- _YOUR INSTRUCTIONS_
For this exercise, return all the data word for word, with images left out.
- - -
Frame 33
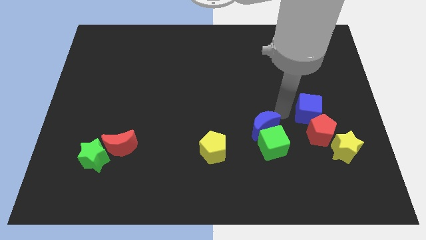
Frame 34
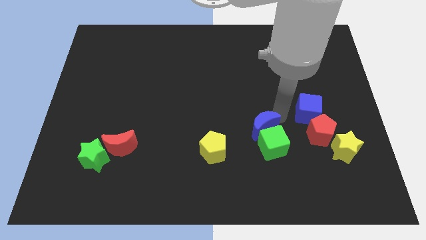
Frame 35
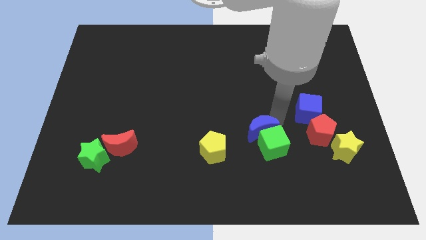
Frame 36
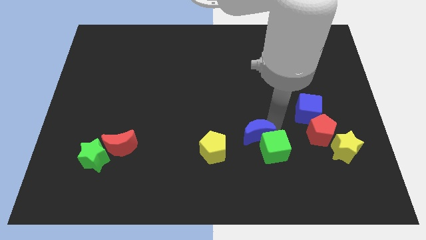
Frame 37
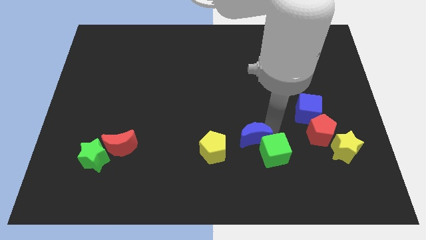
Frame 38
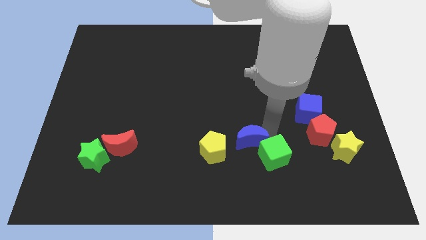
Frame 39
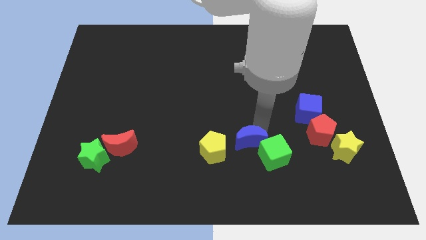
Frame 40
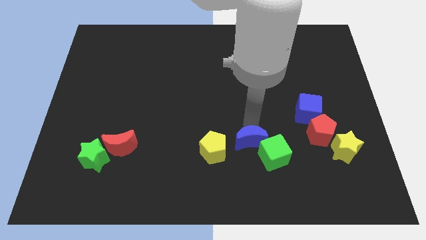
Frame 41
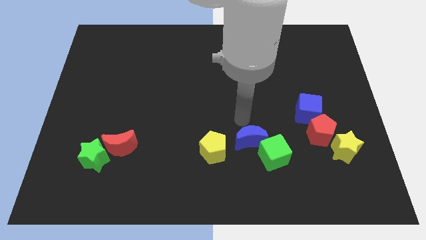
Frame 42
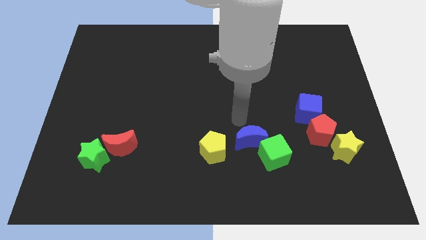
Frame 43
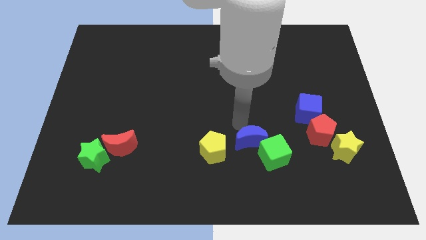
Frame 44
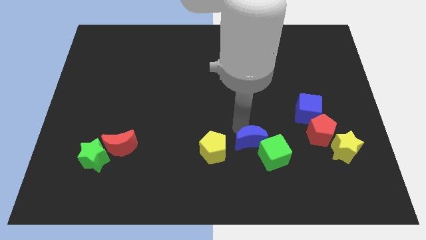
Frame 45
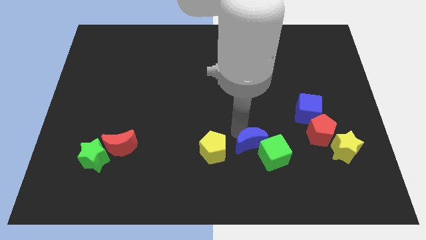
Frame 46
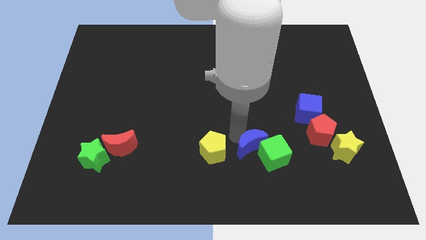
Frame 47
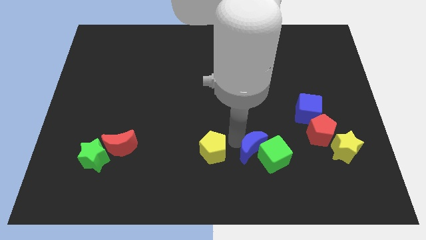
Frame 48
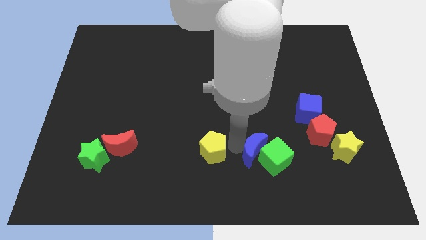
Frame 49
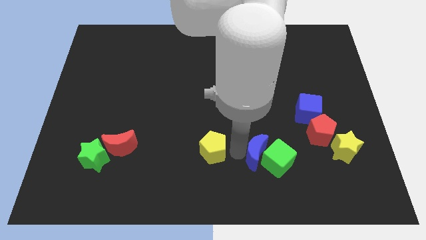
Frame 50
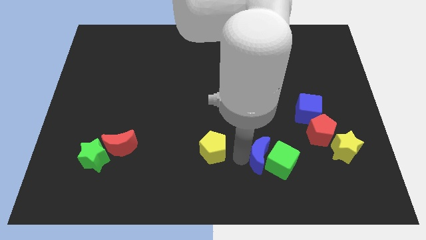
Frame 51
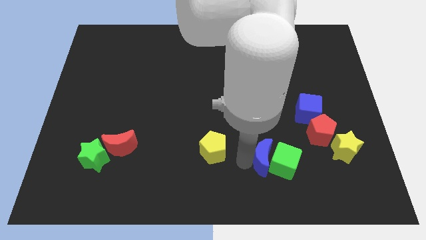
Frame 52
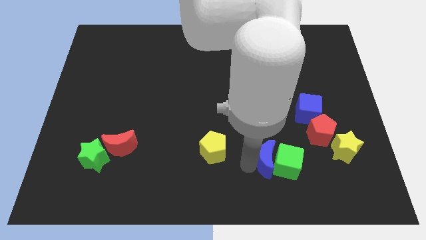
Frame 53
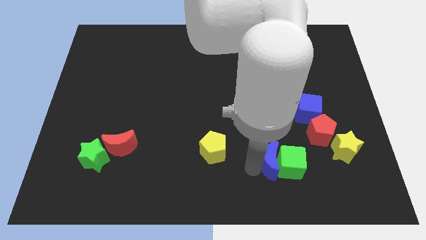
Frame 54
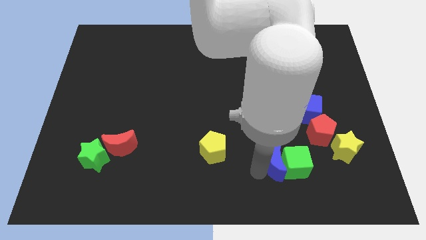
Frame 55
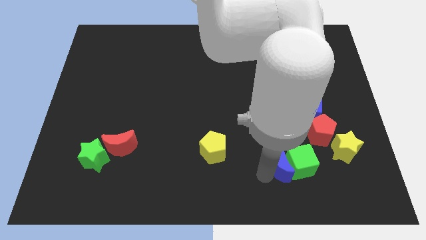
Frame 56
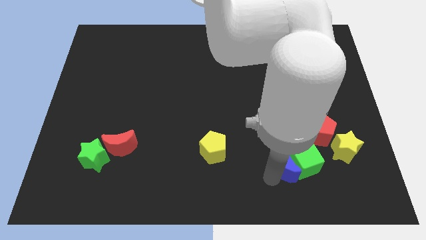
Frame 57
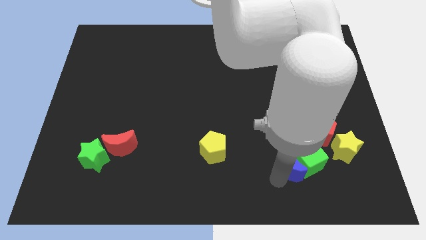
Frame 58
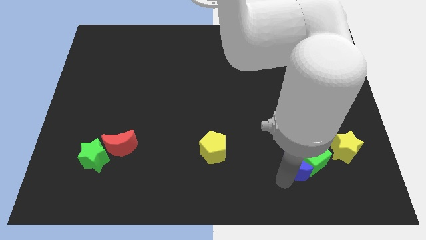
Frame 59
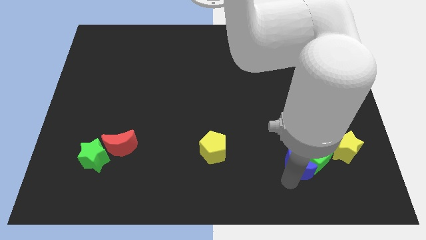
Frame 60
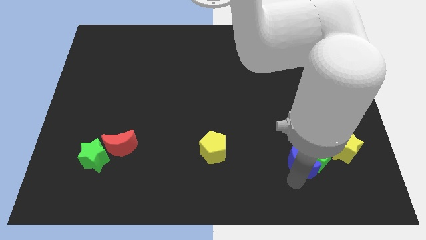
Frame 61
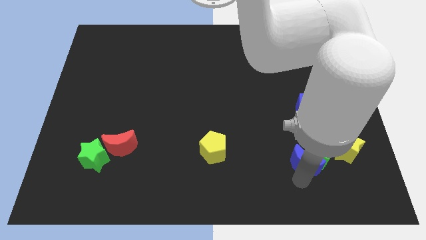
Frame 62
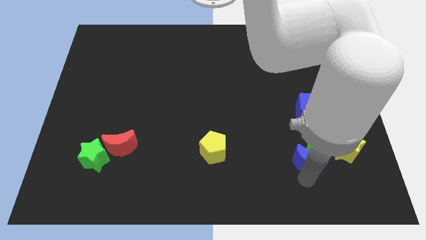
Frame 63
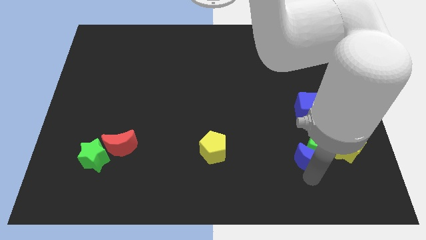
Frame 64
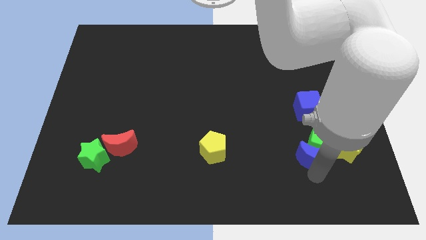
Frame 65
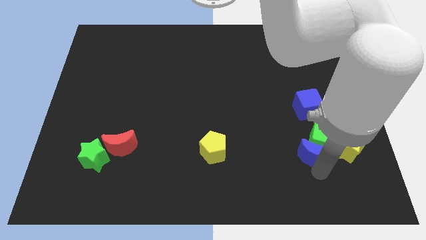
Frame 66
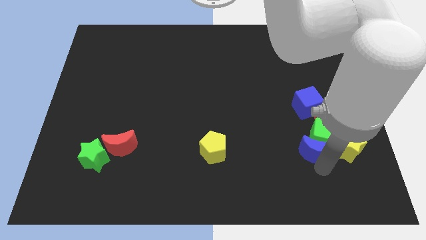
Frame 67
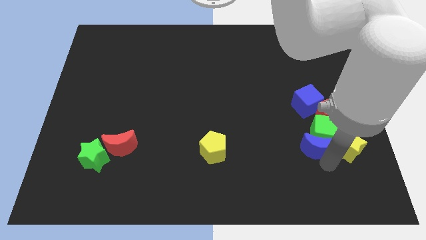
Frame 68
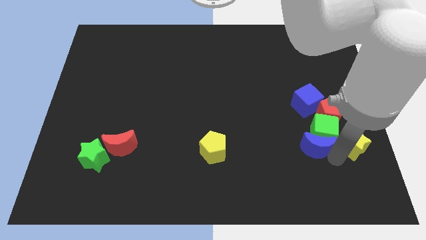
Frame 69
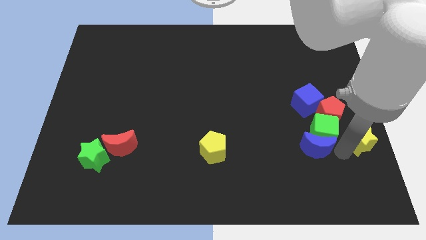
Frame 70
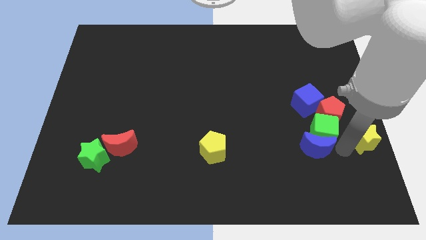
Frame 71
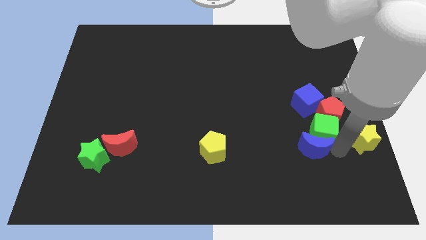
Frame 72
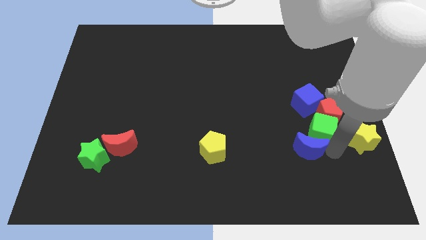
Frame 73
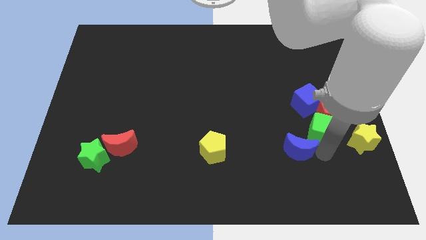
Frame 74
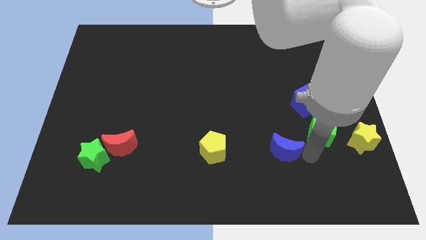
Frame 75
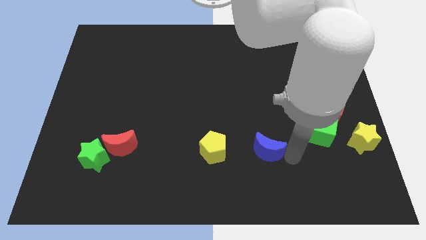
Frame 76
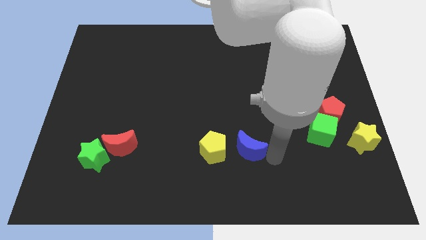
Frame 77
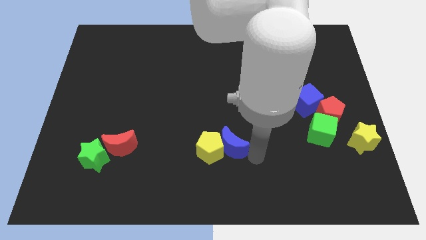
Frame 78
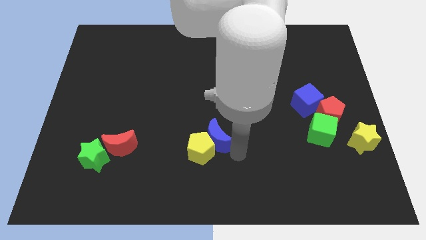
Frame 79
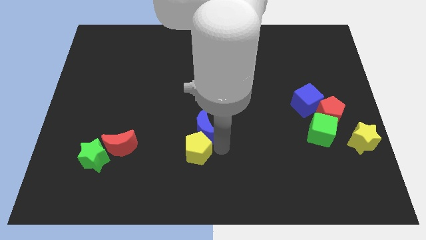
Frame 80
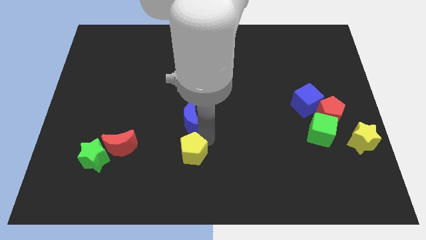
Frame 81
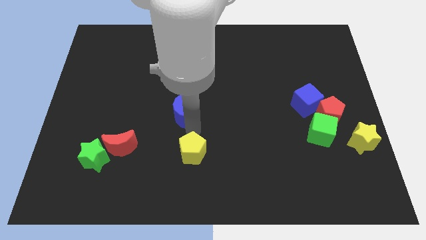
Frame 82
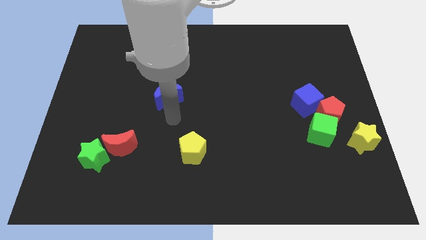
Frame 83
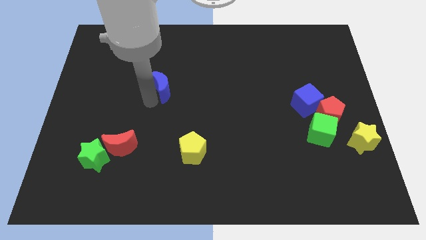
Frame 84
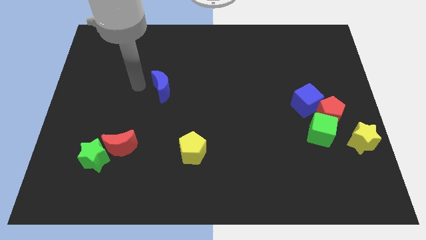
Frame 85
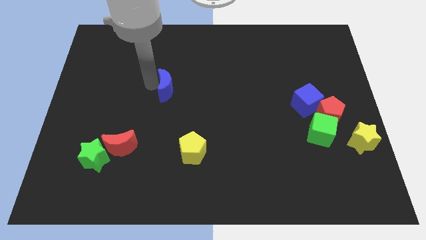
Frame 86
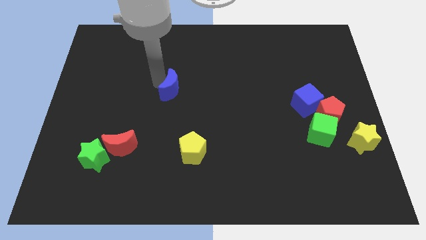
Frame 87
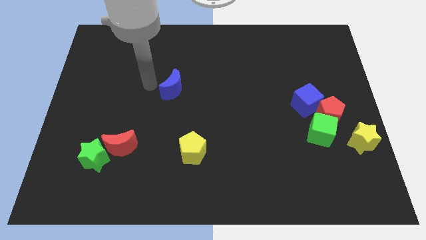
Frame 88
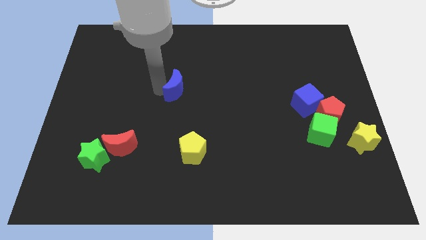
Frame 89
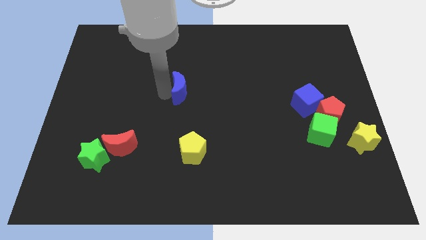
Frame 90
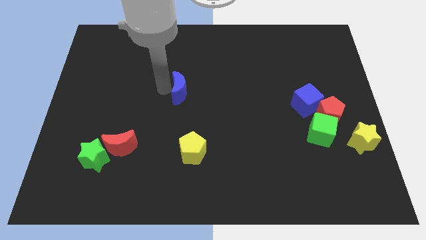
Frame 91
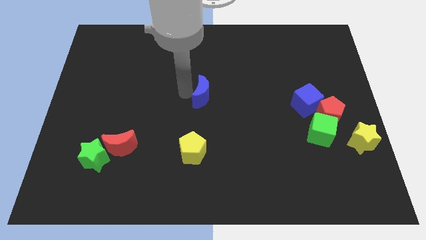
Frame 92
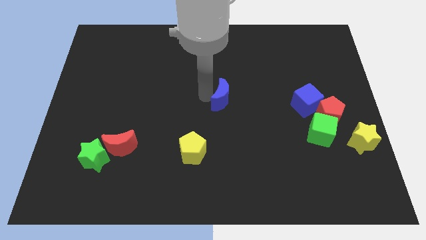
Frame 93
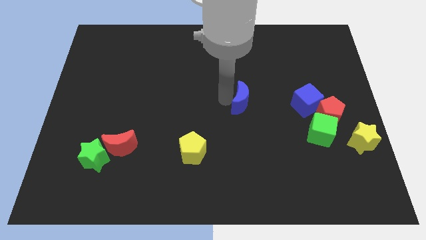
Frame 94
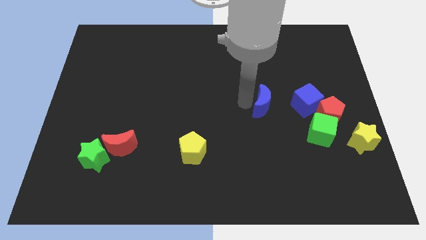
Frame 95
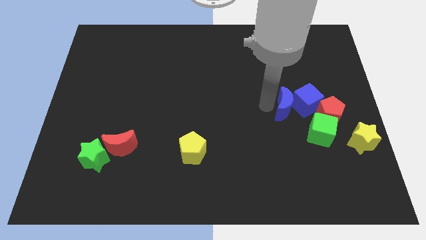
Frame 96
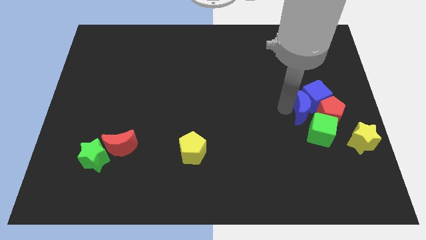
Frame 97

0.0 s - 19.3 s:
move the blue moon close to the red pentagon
- - -
- _EXERCISE OUTPUT_
Frame 33
Frame 34
Frame 35
Frame 36
Frame 37
Frame 38
Frame 39
Frame 40
Frame 41
Frame 42
Frame 43
Frame 44
Frame 45
Frame 46
Frame 47
Frame 48
Frame 49
Frame 50
Frame 51
Frame 52
Frame 53
Frame 54
Frame 55
Frame 56
Frame 57
Frame 58
Frame 59
Frame 60
Frame 61
Frame 62
Frame 63
Frame 64
Frame 65
Frame 66
Frame 67
Frame 68
Frame 69
Frame 70
Frame 71
Frame 72
Frame 73
Frame 74
Frame 75
Frame 76
Frame 77
Frame 78
Frame 79
Frame 80
Frame 81
Frame 82
Frame 83
Frame 84
Frame 85
Frame 86
Frame 87
Frame 88
Frame 89
Frame 90
Frame 91
Frame 92
Frame 93
Frame 94
Frame 95
Frame 96
Frame 97

0.0 s - 19.3 s:
move the blue moon close to the red pentagon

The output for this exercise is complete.